### Exercise
Report only the number of lines in the following entries where the word "Provincial" occurs.

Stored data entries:
▬▬▬▬▬▬
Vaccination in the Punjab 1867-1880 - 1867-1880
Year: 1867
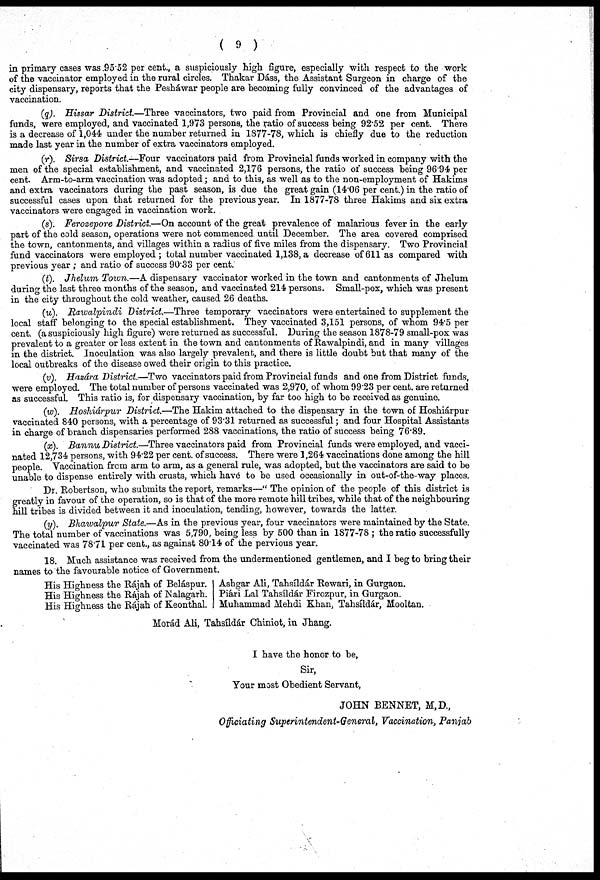
( 9 )
in primary cases was 95.52 per cent., a suspiciously high figure, especially with respect to the work
of the vaccinator employed in the rural circles. Thakar Dáss, the Assistant Surgeon in charge of the
city dispensary, reports that the Pesháwar people are becoming fully convinced of the advantages of
vaccination.
(q). Hissar District.—Three vaccinators, two paid from Provincial and one from Municipal
funds, were employed, and vaccinated 1,973 persons, the ratio of success being 92.52 per cent. There
is a decrease of 1,044 under the number returned in 1877-78, which is chiefly due to the reduction
made last year in the number of extra vaccinators employed.
(r). Sirsa District—Four
vaccinators paid from Provincial funds worked in company with the
men of the special establishment, and vaccinated 2,176 persons, the ratio of success being 96.94 per
cent. Arm-to-arm vaccination was adopted; and to this, as well as to the non-employment of Hakims
and extra vaccinators during the past season, is due the great gain (14.06 per cent.) in the ratio of
successful cases upon that returned for the previous year. In 1877-78 three Hakims and six extra
vaccinators were engaged in vaccination work.
(s). Ferozepore District.—On account of the great prevalence of malarious fever in the early
part of the cold season, operations were not commenced until December. The area covered comprised
the town, cantonments, and villages within a radius of five miles from the dispensary. Two Provincial
fund vaccinators were employed; total number vaccinated 1,138, a decrease of 611 as compared with
previous year ; and ratio of success 90.33 per cent.
(t). Jhelum Town.—A dispensary vaccinator worked in the town and cantonments of Jhelum
during the last three months of the season, and vaccinated 214 persons. Small-pox, which was present
in the city throughout the cold weather, caused 26 deaths.
(u). Rawalpindi
District.—Three temporary vaccinators were entertained to supplement the
local staff belonging to the special establishment. They vaccinated 3,151 persons, of whom 94.5 per
cent. (a suspiciously high figure) were returned as successful. During the season 1878-79 small-pox was
prevalent to a greater or less extent in the town and cantonments of Rawalpindi, and in many villages
in the district. Inoculation was also largely prevalent, and there is little doubt but that many of the
local outbreaks of the disease owed their origin to this practice.
(v). Hazárd District.—Two vaccinators paid from Provincial funds and one from District funds,
were employed. The total number of persons vaccinated was 2,970, of whom 99.23 per cent. are returned
as successful. This ratio is, for dispensary vaccination, by far too high to be received as genuine.
(w). Hoshiárpur District.—The Hakim attached to the dispensary in the town of Hoshiárpur
vaccinated 840 persons, with a percentage of 93.31 returned as successful; and four Hospital Assistants
in charge of branch dispensaries performed 288 vaccinations, the ratio of success being 76.89.
(x). Bannu District.—Three vaccinators paid from Provincial funds were employed, and vacci-
nated 12,734 persons, with 94.22 per cent. of success. There were 1,264 vaccinations done among the hill
people. Vaccination from arm to arm, as a general rule, was adopted, but the vaccinators are said to be
unable to dispense entirely with crusts, which have to be used occasionally in out-of-the-way places.
Dr. Robertson, who submits the report, remarks—" The opinion of the people of this district is
greatly in favour of the operation, so is that of the more remote hill tribes, while that of the neighbouring
hill tribes is divided between it and inoculation, tending, however, towards the latter.
(y). Bhawalpur State.—As in the previous year, four vaccinators were maintained by the State.
The total number of vaccinations was 5,790, being less by 500 than in 1877-78 ; the ratio successfully
vaccinated was 78.71 per cent., as against 80.14 of the pervious year.
18. Much assistance was received from the undermentioned gentlemen, and I beg to bring their
names to the favourable notice of Government.
His Highness the Rájah of Beláspur.
His Highness the Rájah of Nalagarh.
His Highness the Rájah of Keonthal.
Ashgar Ali, Tahsíldár Rewari, in Gurgaon.
Piári Lal Tahsíldár Firozpur, in Gurgaon.
Muhammad Mehdi Khan, Tahsíldár, Mooltan.
Morád Ali, Tahsíldár Chiniot, in Jhang.
I have the honor to be,
Sir,
Your most Obedient Servant,
JOHN BENNET, M,D.,
Officiating Superintendents-General, Vaccination, Punjab
▬▬▬▬▬▬
### Result of this task
5